▶ **What the task asks**: Return exactly the lines from the start of the records below through the line containing "#674 = EDGE_CURVE('',#660,#668,#675,.T.);", both ends included, and leave out the pictures.

[Source records]
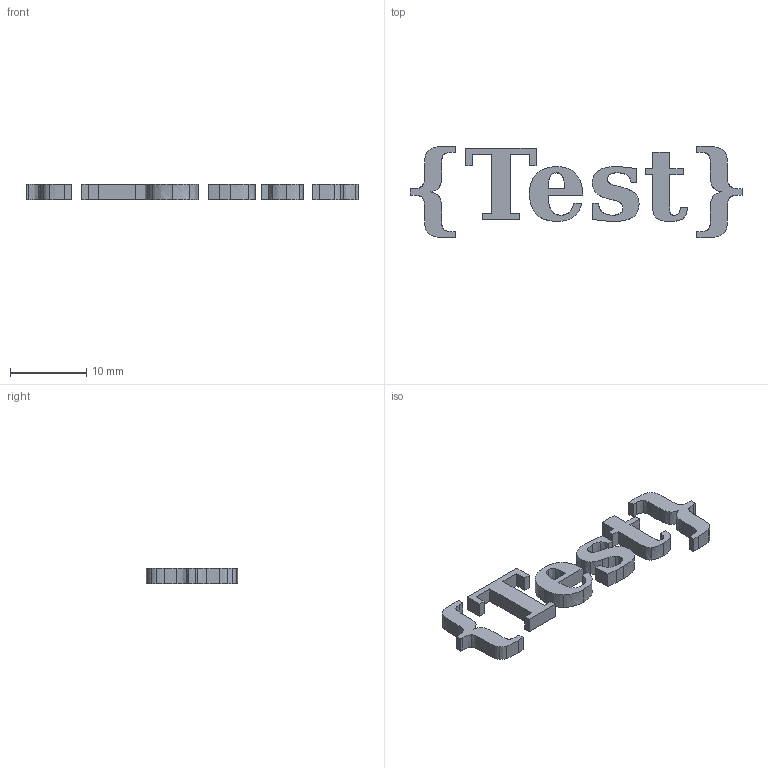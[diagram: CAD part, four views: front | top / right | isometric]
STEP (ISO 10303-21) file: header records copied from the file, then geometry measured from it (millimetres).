
FILE_DESCRIPTION(('FreeCAD Model'),'2;1');
FILE_NAME('text_test.step', '2020-01-26T20:27:44',('Author'),(''), 'Open CASCADE STEP processor 7.4','FreeCAD','Unknown');
FILE_SCHEMA(('AUTOMOTIVE_DESIGN { 1 0 10303 214 1 1 1 1 }'));
Length unit declared in the file: millimetre
Products named in the file (1): Extrude
Bounding box: 43.57 x 11.97 x 2 mm (x, y, z)
Volume: 341.4 mm3; surface area: 815.8 mm2
Topology: 6 solids, 6 shells, 165 faces, 459 edges, 306 vertices
Faces by surface type: extrusion 88, plane 77
Entity records: 11376 total; most frequent: CARTESIAN_POINT 2729, DIRECTION 1269, VECTOR 1113, LINE 1025, ORIENTED_EDGE 918, PCURVE 918, DEFINITIONAL_REPRESENTATION 918, EDGE_CURVE 459
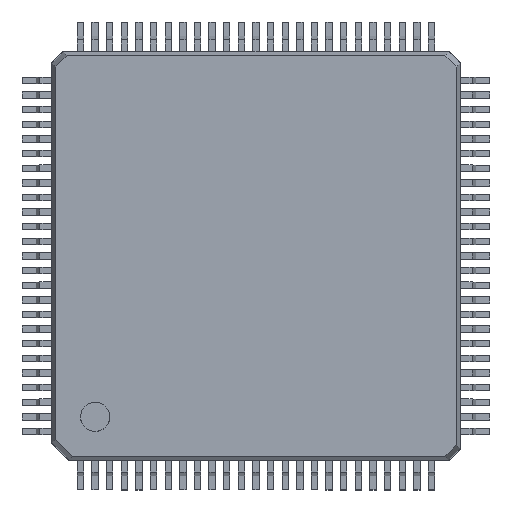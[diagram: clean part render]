
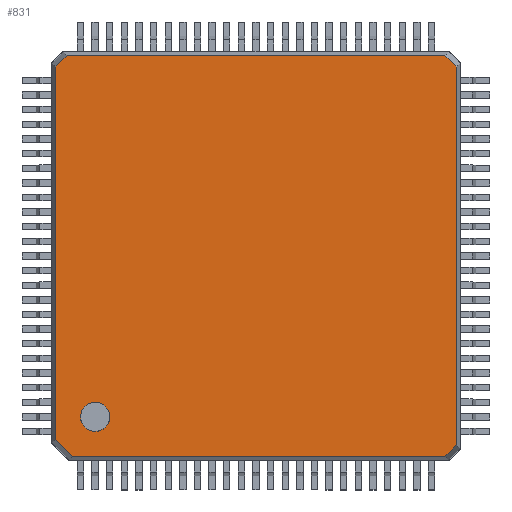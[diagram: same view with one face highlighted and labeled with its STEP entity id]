
A CAD part, top view. The second image highlights one B-rep face of the part: STEP entity #831.
In plain terms, the highlighted free-form (B-spline) face has degree [1, 1] with [2, 2] control points.
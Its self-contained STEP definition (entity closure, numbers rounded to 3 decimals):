
#660 = VERTEX_POINT('',#661);
#661 = CARTESIAN_POINT('',(-6.85,-6.263,1.3));
#668 = VERTEX_POINT('',#669);
#669 = CARTESIAN_POINT('',(-6.85,6.459,1.3));
#674 = EDGE_CURVE('',#660,#668,#675,.T.);
#675 = B_SPLINE_CURVE_WITH_KNOTS('',1,(#676,#677),.UNSPECIFIED.,.F.,.F.,
  (2,2),(0.,13.),.PIECEWISE_BEZIER_KNOTS.);
#676 = CARTESIAN_POINT('',(-6.85,-6.263,1.3));
#677 = CARTESIAN_POINT('',(-6.85,6.459,1.3));
#690 = VERTEX_POINT('',#691);
#691 = CARTESIAN_POINT('',(-6.459,6.85,1.3));
#696 = EDGE_CURVE('',#668,#690,#697,.T.);
#697 = B_SPLINE_CURVE_WITH_KNOTS('',1,(#698,#699),.UNSPECIFIED.,.F.,.F.,
  (2,2),(0.,0.566),.PIECEWISE_BEZIER_KNOTS.);
#698 = CARTESIAN_POINT('',(-6.85,6.459,1.3));
#699 = CARTESIAN_POINT('',(-6.459,6.85,1.3));
#712 = VERTEX_POINT('',#713);
#713 = CARTESIAN_POINT('',(6.459,6.85,1.3));
#718 = EDGE_CURVE('',#690,#712,#719,.T.);
#719 = B_SPLINE_CURVE_WITH_KNOTS('',1,(#720,#721),.UNSPECIFIED.,.F.,.F.,
  (2,2),(0.,13.2),.PIECEWISE_BEZIER_KNOTS.);
#720 = CARTESIAN_POINT('',(-6.459,6.85,1.3));
#721 = CARTESIAN_POINT('',(6.459,6.85,1.3));
#734 = VERTEX_POINT('',#735);
#735 = CARTESIAN_POINT('',(6.85,6.459,1.3));
#740 = EDGE_CURVE('',#712,#734,#741,.T.);
#741 = B_SPLINE_CURVE_WITH_KNOTS('',1,(#742,#743),.UNSPECIFIED.,.F.,.F.,
  (2,2),(0.,0.566),.PIECEWISE_BEZIER_KNOTS.);
#742 = CARTESIAN_POINT('',(6.459,6.85,1.3));
#743 = CARTESIAN_POINT('',(6.85,6.459,1.3));
#756 = VERTEX_POINT('',#757);
#757 = CARTESIAN_POINT('',(6.85,-6.459,1.3));
#762 = EDGE_CURVE('',#734,#756,#763,.T.);
#763 = B_SPLINE_CURVE_WITH_KNOTS('',1,(#764,#765),.UNSPECIFIED.,.F.,.F.,
  (2,2),(0.,13.2),.PIECEWISE_BEZIER_KNOTS.);
#764 = CARTESIAN_POINT('',(6.85,6.459,1.3));
#765 = CARTESIAN_POINT('',(6.85,-6.459,1.3));
#778 = VERTEX_POINT('',#779);
#779 = CARTESIAN_POINT('',(6.459,-6.85,1.3));
#784 = EDGE_CURVE('',#756,#778,#785,.T.);
#785 = B_SPLINE_CURVE_WITH_KNOTS('',1,(#786,#787),.UNSPECIFIED.,.F.,.F.,
  (2,2),(6.,7.),.PIECEWISE_BEZIER_KNOTS.);
#786 = CARTESIAN_POINT('',(6.85,-6.459,1.3));
#787 = CARTESIAN_POINT('',(6.459,-6.85,1.3));
#800 = VERTEX_POINT('',#801);
#801 = CARTESIAN_POINT('',(-6.263,-6.85,1.3));
#806 = EDGE_CURVE('',#778,#800,#807,.T.);
#807 = B_SPLINE_CURVE_WITH_KNOTS('',1,(#808,#809),.UNSPECIFIED.,.F.,.F.,
  (2,2),(0.,13.),.PIECEWISE_BEZIER_KNOTS.);
#808 = CARTESIAN_POINT('',(6.459,-6.85,1.3));
#809 = CARTESIAN_POINT('',(-6.263,-6.85,1.3));
#822 = EDGE_CURVE('',#800,#660,#823,.T.);
#823 = B_SPLINE_CURVE_WITH_KNOTS('',1,(#824,#825),.UNSPECIFIED.,.F.,.F.,
  (2,2),(0.,1.),.PIECEWISE_BEZIER_KNOTS.);
#824 = CARTESIAN_POINT('',(-6.263,-6.85,1.3));
#825 = CARTESIAN_POINT('',(-6.85,-6.263,1.3));
#831 = ADVANCED_FACE('',(#832,#842),#901,.F.);
#832 = FACE_BOUND('',#833,.F.);
#833 = EDGE_LOOP('',(#834,#835,#836,#837,#838,#839,#840,#841));
#834 = ORIENTED_EDGE('',*,*,#822,.T.);
#835 = ORIENTED_EDGE('',*,*,#674,.T.);
#836 = ORIENTED_EDGE('',*,*,#696,.T.);
#837 = ORIENTED_EDGE('',*,*,#718,.T.);
#838 = ORIENTED_EDGE('',*,*,#740,.T.);
#839 = ORIENTED_EDGE('',*,*,#762,.T.);
#840 = ORIENTED_EDGE('',*,*,#784,.T.);
#841 = ORIENTED_EDGE('',*,*,#806,.T.);
#842 = FACE_BOUND('',#843,.F.);
#843 = EDGE_LOOP('',(#844,#868));
#844 = ORIENTED_EDGE('',*,*,#845,.T.);
#845 = EDGE_CURVE('',#846,#848,#850,.T.);
#846 = VERTEX_POINT('',#847);
#847 = CARTESIAN_POINT('',(-5.,-5.5,1.3));
#848 = VERTEX_POINT('',#849);
#849 = CARTESIAN_POINT('',(-5.854,-5.147,1.3));
#850 = B_SPLINE_CURVE_WITH_KNOTS('',6,(#851,#852,#853,#854,#855,#856,
    #857,#858,#859,#860,#861,#862,#863,#864,#865,#866,#867),
  .UNSPECIFIED.,.F.,.F.,(7,5,5,7),(0.,0.344,0.687,1.),
  .UNSPECIFIED.);
#851 = CARTESIAN_POINT('',(-5.,-5.5,1.3));
#852 = CARTESIAN_POINT('',(-5.,-5.432,1.3));
#853 = CARTESIAN_POINT('',(-5.011,-5.365,1.3));
#854 = CARTESIAN_POINT('',(-5.033,-5.299,1.3));
#855 = CARTESIAN_POINT('',(-5.065,-5.239,1.3));
#856 = CARTESIAN_POINT('',(-5.107,-5.184,1.3));
#857 = CARTESIAN_POINT('',(-5.205,-5.091,1.3));
#858 = CARTESIAN_POINT('',(-5.261,-5.053,1.3));
#859 = CARTESIAN_POINT('',(-5.323,-5.023,1.3));
#860 = CARTESIAN_POINT('',(-5.389,-5.005,1.3));
#861 = CARTESIAN_POINT('',(-5.457,-4.997,1.3));
#862 = CARTESIAN_POINT('',(-5.586,-5.004,1.3));
#863 = CARTESIAN_POINT('',(-5.647,-5.016,1.3));
#864 = CARTESIAN_POINT('',(-5.705,-5.037,1.3));
#865 = CARTESIAN_POINT('',(-5.76,-5.066,1.3));
#866 = CARTESIAN_POINT('',(-5.81,-5.103,1.3));
#867 = CARTESIAN_POINT('',(-5.854,-5.147,1.3));
#868 = ORIENTED_EDGE('',*,*,#869,.T.);
#869 = EDGE_CURVE('',#848,#846,#870,.T.);
#870 = B_SPLINE_CURVE_WITH_KNOTS('',8,(#871,#872,#873,#874,#875,#876,
    #877,#878,#879,#880,#881,#882,#883,#884,#885,#886,#887,#888,#889,
    #890,#891,#892,#893,#894,#895,#896,#897,#898,#899,#900),
  .UNSPECIFIED.,.F.,.F.,(9,7,7,7,9),(0.,0.206,0.401,
    0.603,1.),.UNSPECIFIED.);
#871 = CARTESIAN_POINT('',(-5.854,-5.147,1.3));
#872 = CARTESIAN_POINT('',(-5.889,-5.182,1.3));
#873 = CARTESIAN_POINT('',(-5.921,-5.222,1.3));
#874 = CARTESIAN_POINT('',(-5.948,-5.266,1.3));
#875 = CARTESIAN_POINT('',(-5.97,-5.312,1.3));
#876 = CARTESIAN_POINT('',(-5.986,-5.361,1.3));
#877 = CARTESIAN_POINT('',(-5.997,-5.411,1.3));
#878 = CARTESIAN_POINT('',(-6.001,-5.462,1.3));
#879 = CARTESIAN_POINT('',(-5.999,-5.56,1.3));
#880 = CARTESIAN_POINT('',(-5.992,-5.608,1.3));
#881 = CARTESIAN_POINT('',(-5.981,-5.654,1.3));
#882 = CARTESIAN_POINT('',(-5.964,-5.7,1.3));
#883 = CARTESIAN_POINT('',(-5.943,-5.743,1.3));
#884 = CARTESIAN_POINT('',(-5.917,-5.783,1.3));
#885 = CARTESIAN_POINT('',(-5.887,-5.821,1.3));
#886 = CARTESIAN_POINT('',(-5.818,-5.889,1.3));
#887 = CARTESIAN_POINT('',(-5.779,-5.92,1.3));
#888 = CARTESIAN_POINT('',(-5.736,-5.947,1.3));
#889 = CARTESIAN_POINT('',(-5.691,-5.968,1.3));
#890 = CARTESIAN_POINT('',(-5.643,-5.985,1.3));
#891 = CARTESIAN_POINT('',(-5.594,-5.995,1.3));
#892 = CARTESIAN_POINT('',(-5.544,-6.001,1.3));
#893 = CARTESIAN_POINT('',(-5.397,-5.999,1.3));
#894 = CARTESIAN_POINT('',(-5.3,-5.976,1.3));
#895 = CARTESIAN_POINT('',(-5.208,-5.932,1.3));
#896 = CARTESIAN_POINT('',(-5.129,-5.867,1.3));
#897 = CARTESIAN_POINT('',(-5.065,-5.787,1.3));
#898 = CARTESIAN_POINT('',(-5.022,-5.695,1.3));
#899 = CARTESIAN_POINT('',(-5.,-5.597,1.3));
#900 = CARTESIAN_POINT('',(-5.,-5.5,1.3));
#901 = B_SPLINE_SURFACE_WITH_KNOTS('',1,1,(
    (#902,#903)
    ,(#904,#905
    )),.UNSPECIFIED.,.F.,.F.,.F.,(2,2),(2,2),(-6.984,
    7.016),(-7.016,6.984),
  .PIECEWISE_BEZIER_KNOTS.);
#902 = CARTESIAN_POINT('',(6.85,-6.85,1.3));
#903 = CARTESIAN_POINT('',(6.85,6.85,1.3));
#904 = CARTESIAN_POINT('',(-6.85,-6.85,1.3));
#905 = CARTESIAN_POINT('',(-6.85,6.85,1.3));

▶ **Expected output**:
[diagram: CAD part, four views: front | top / right | isometric]
STEP (ISO 10303-21) file: header records copied from the file, then geometry measured from it (millimetres).
FILE_DESCRIPTION(('FreeCAD Model'),'2;1');
FILE_NAME('text_test.step', '2020-01-26T20:27:44',('Author'),(''), 'Open CASCADE STEP processor 7.4','FreeCAD','Unknown');
FILE_SCHEMA(('AUTOMOTIVE_DESIGN { 1 0 10303 214 1 1 1 1 }'));
Length unit declared in the file: millimetre
Products named in the file (1): Extrude
Bounding box: 43.57 x 11.97 x 2 mm (x, y, z)
Volume: 341.4 mm3; surface area: 815.8 mm2
Topology: 6 solids, 6 shells, 165 faces, 459 edges, 306 vertices
Faces by surface type: extrusion 88, plane 77
Entity records: 11376 total; most frequent: CARTESIAN_POINT 2729, DIRECTION 1269, VECTOR 1113, LINE 1025, ORIENTED_EDGE 918, PCURVE 918, DEFINITIONAL_REPRESENTATION 918, EDGE_CURVE 459
[diagram: clean part render]
[diagram: same view with one face highlighted and labeled with its STEP entity id]
A CAD part, top view. The second image highlights one B-rep face of the part: STEP entity #831.
In plain terms, the highlighted free-form (B-spline) face has degree [1, 1] with [2, 2] control points.
Its self-contained STEP definition (entity closure, numbers rounded to 3 decimals):
#660 = VERTEX_POINT('',#661);
#661 = CARTESIAN_POINT('',(-6.85,-6.263,1.3));
#668 = VERTEX_POINT('',#669);
#669 = CARTESIAN_POINT('',(-6.85,6.459,1.3));
#674 = EDGE_CURVE('',#660,#668,#675,.T.);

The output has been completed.